Neural Oscillations Associated with the Ebbinghaus Illusion

Early α-wave power decrease in the centro-parietal region was negatively correlated with the illusion effect. In the zero disparity condition, larger perceived size produced higher β-wave power in the parieto-occipital region in a later time window (200–300 ms), and β-wave power was positively correlated with behavioral illusion effects. The results suggest that induced α-wave and β-wave oscillations are associated with low-level contour interaction and high-level size contrast, respectively.

Conclusion

This study provides neurophysiological evidence supporting two cognitive mechanisms of the Ebbinghaus illusion by revealing the dynamic support of neural oscillations in different frequency bands for various aspects of visual processing. Early α-wave power is associated with low-level contour interaction, while relatively later β-wave power is associated with high-level size contrast.

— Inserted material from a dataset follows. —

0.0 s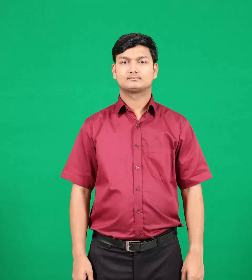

This finding suggests that local circuits in the primary visual cortex and neural oscillations in different frequency bands in the parieto-occipital region dynamically support each other in various aspects of visual perception.

Research Significance

This study not only reveals the neural basis of low-level and high-level cognitive mechanisms in visual perception but also provides potential applications for future visual enhancement and perceptual compensation through neural oscillation modulation. Additionally, the experimental methods and data analysis techniques used in the study provide new research paradigms for the field of visual neuroscience.